Fahre das Jeffsy 27,5 in XL bei 1,85 und 85cm SL. Habe den Vorbau gegen nen 35er getauscht und den Lenker (35mm rise) auf 780mm gekürzt, fand es vorher etwas zu lang...jetzt sehr passend. Würde trotzdem unbedingt Probefahren wenn möglich, hätte das L gerne mal als vergleich gehabt.


----------



## Baywaldbrenner (31. März 2022)

Hallo, ich habe mich jetzt schon soweit es ging ein wenig durch die Foren gelesen...
Es geht speziell um ein Jeffsy Core 4 29 MY2021 in Größe L. Ich bin 174 cm, SL 82,5 cm.
Auf dem Bike fühlte ich mich wohl und ich mag auch die gestreckte Haltung.
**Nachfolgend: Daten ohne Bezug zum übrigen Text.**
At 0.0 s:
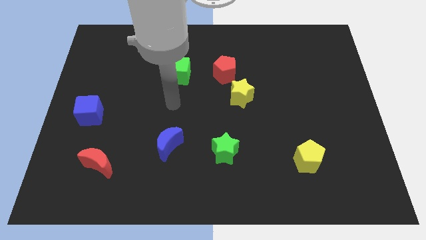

Ich müsste es nicht kaufen aber mich juckt es halt ziemlich... Wer kenn das nicht    Probefahrt war nur am Parkplatz möglich.
Hat wer die gleichen Daten und kann mir weiterhelfen?

Aktuell fahre ich ein Remedy  MY2019 in Größe M/L. Passt soweit ganz gut aber man tritt halt von hinten (finde ich nicht ideal)  und es ist 27,5. Natürlich besteht da ein Unterschied bei den beiden Bikes.
Geometrievergleich siehe Foto. Remedy rot, Jeffsy grau.

Bikeeinsatzgebiet ist alles, sprich Bikepark, da aber nur Endurostrecken und Flowtrails, Tagestouren 40-80km mit bis zu 2000 hm, kurze und knackige Feierabendrunden. Bergab S2-S3.

Der Preis liegt bei ca 4500 vom Jeffsy, ist kaum gefahren und was komisch ist, der Neurpreis wird mit 5800 angegeben. War der letztes Jahr nicht 4999? Der Verkauf erfolgt über ein Händler und das Bike scheint ein leasing-Abbruch zu sein.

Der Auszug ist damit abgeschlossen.